Une demande en roue libre, une offre à la traîne
Et c'est là tout le paradoxe : jamais le vélo n’a autant séduit, jamais les TER n’ont été aussi sollicités pour des escapades cyclables... et pourtant, les capacités vélo stagnent. Ou pire : elles régressent. Certains usagers réguliers racontent des scènes ubuesques, où des cyclistes se retrouvent à attendre un train pendant deux heures parce que le précédent n’avait plus de place.
Et que dire des TGV, dont les rares emplacements vélos (quand ils existent) s’arrachent comme des dossards pour l’Étape du Tour ? Là encore, le message est clair : « Si vous voyagez léger, très en avance et sans ambition spontanée, vous êtes les bienvenus. » Les autres, circulez, il y à rien à voir !
Pourtant, la demande est là. Forte, enthousiaste, militante.
Le vélo, ce n’est pas juste un moyen de transport : c’est un art de vivre, une façon de redécouvrir le territoire, au plus près de ses reliefs et de ses habitants. Ce sont des familles entières qui rêvent de longer la Loire, des groupes d’amis qui veulent rallier la Côte d’Opale depuis Lille, ou des aventuriers solitaires qui filent vers le célèbre Géant de Provence, le bien-nommé Ventoux.
Et tous partagent ce même désir récurrent : pouvoir embarquer leur vélo dans un train, simplement, sans réservation impossible, sans frais cachés, et surtout sans stress.

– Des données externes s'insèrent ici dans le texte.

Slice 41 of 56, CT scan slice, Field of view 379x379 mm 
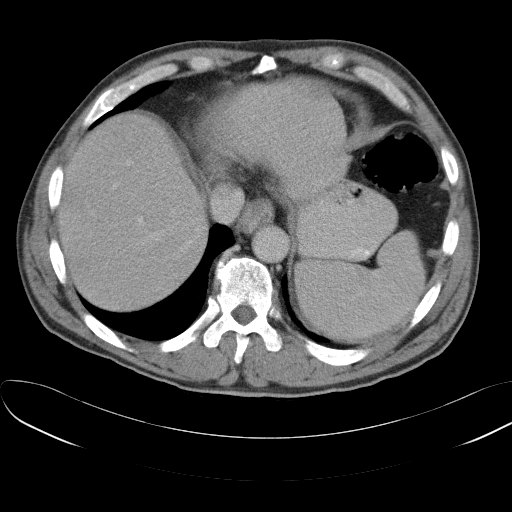
Spleen: bounding box {"x1": 297, "y1": 231, "x2": 425, "y2": 342}.
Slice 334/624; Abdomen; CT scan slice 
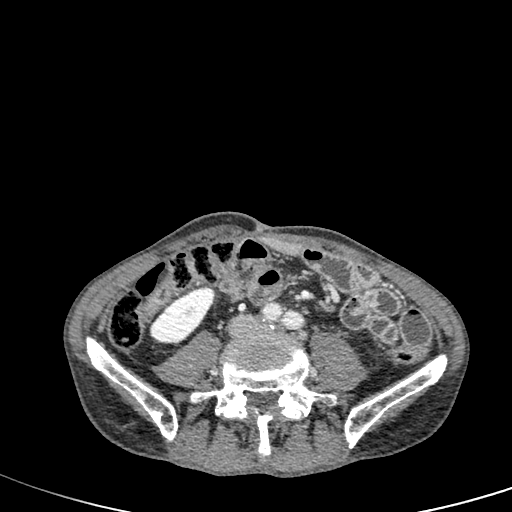

The kidney appears at box(151, 288, 213, 342).
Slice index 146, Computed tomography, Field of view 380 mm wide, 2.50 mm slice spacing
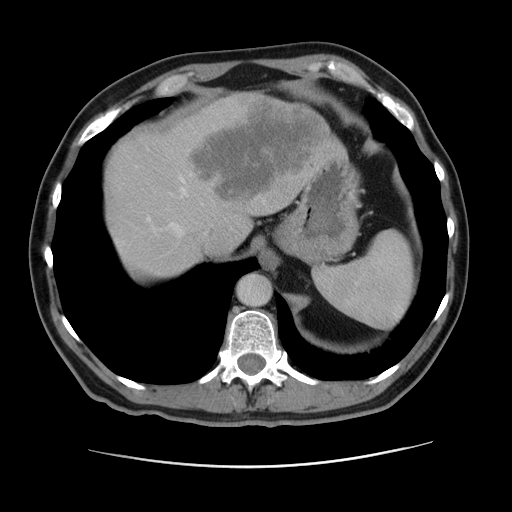

The hepatic lesion is located at [189, 98, 327, 203]. The liver is located at [103, 95, 329, 282].
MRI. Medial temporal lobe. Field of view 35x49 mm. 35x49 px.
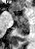

• anterior hippocampus: {"x1": 15, "y1": 16, "x2": 18, "y2": 20}, {"x1": 20, "y1": 14, "x2": 27, "y2": 20}
• posterior hippocampus: {"x1": 16, "y1": 21, "x2": 29, "y2": 35}
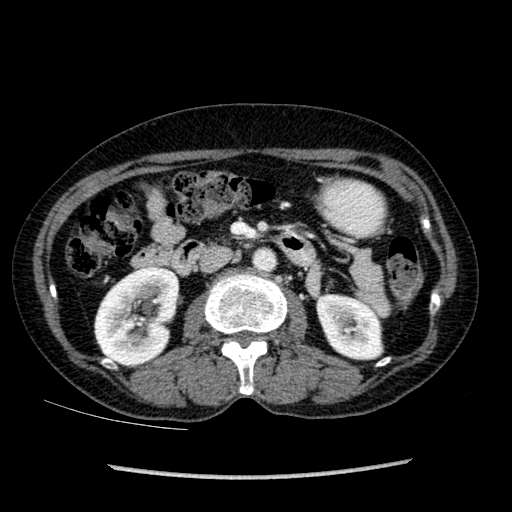

Abdomen, CT image
Kidney: x1=318 y1=295 x2=380 y2=358, x1=95 y1=267 x2=177 y2=364.
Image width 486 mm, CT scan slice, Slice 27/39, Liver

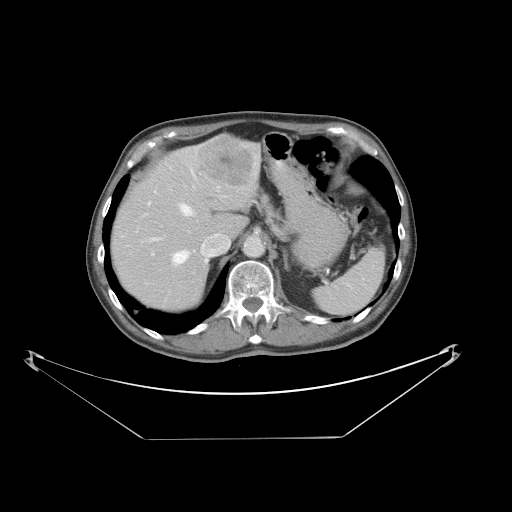
Not every hepatic vessel necessarily has a box.
12 hepatic vessel regions are bounded by 217 186 219 191, 148 202 150 204, 186 230 190 233, 151 253 153 255, 172 250 188 264, 198 206 201 207, 190 166 195 178, 152 238 158 240, 200 231 224 251, 180 204 192 215, 191 184 195 194, 205 260 206 261. The liver tumor is located at 193 134 254 189.
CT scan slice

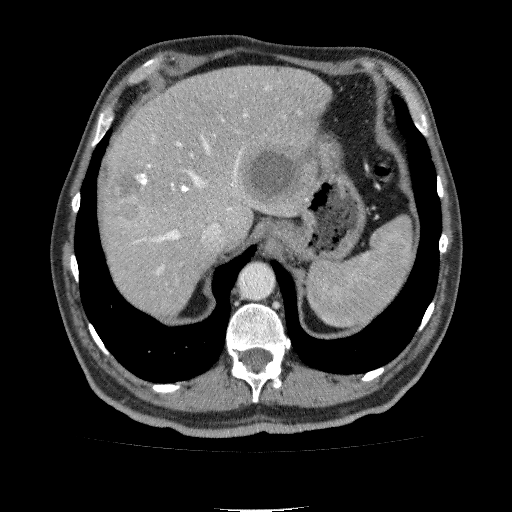

2 liver lesion regions are located at 101, 162, 155, 221; 240, 142, 318, 207. The liver is located at 99, 68, 330, 321.
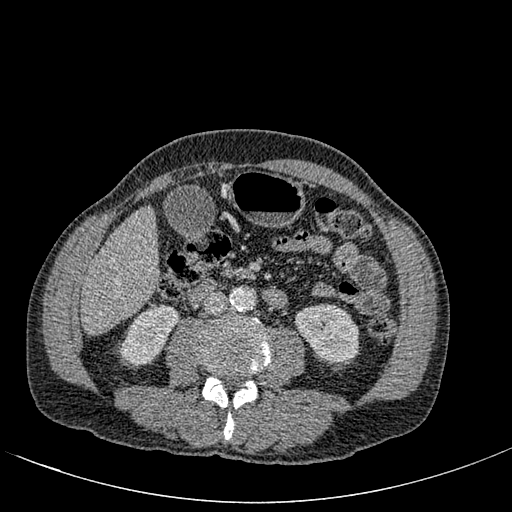 CT slice | 512x512
liver:
  - x1=80, y1=205, x2=157, y2=331
kidney:
  - x1=295, y1=304, x2=358, y2=362
  - x1=120, y1=305, x2=178, y2=365
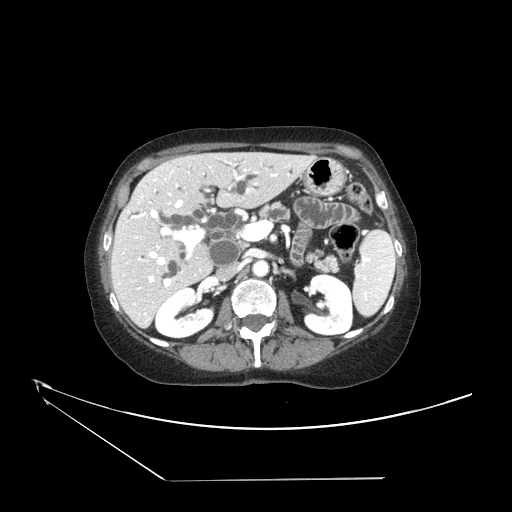
CT

pancreas:
  - 260,203,290,221
  - 308,249,338,273

Bref, de vivre avec son temps.
Des signaux positifs… mais encore timides
Mais soyons justes : il y a du mouvement. Certes, imperceptible, mais il y a du mouvement. Certaines régions ont augmenté le nombre de places vélos sur leurs lignes estivales. La SNCF teste de nouveaux aménagements et l’État promet des investissements dans les intermodalités douces. Mais force de constater que ces avancées restent fragmentées, inégales, parfois très saisonnières.
En Allemagne ou en Autriche, embarquer un vélo est une simple formalité. En France, c’est encore un petit combat. Pourtant, au regard des chiffres, le potentiel est énorme : imaginez un pays où chaque gare serait une porte d’entrée vers une grande traversée cyclable. Où les trains seraient pensés comme des lignes de vie pour le tourisme lent. Dans mon imaginaire de doux rêveur, ce pays existe. Il s’appelle peut-être la France, mais il reste à bâtir...
Alors, on fait quoi ?
On pédale, bien sûr. On s’adapte, on réserve quand on peut, on râle un peu mais on sourit souvent. On échange nos bons plans, nos gares « bike-friendly », on partage sur les réseaux sociaux nos lignes à éviter. On milite, aussi, parce que ce combat-là est joyeux, collectif, et avant tout porteur d’avenir.
Et surtout, on n’oublie pas que malgré les galères, le voyage vaut le coup. Parce qu’après ce TER bondé, il y a une voie verte bordée de coquelicots, une ferme qui sent le chèvre chaud, une baignade sauvage à portée de pédale. Alors oui, voyager avec un vélo en train en France, c’est parfois l’aventure. Mais c’est aussi la promesse d’un autre monde. Plus lent. Plus libre. Plus vivant. A nous de le construire.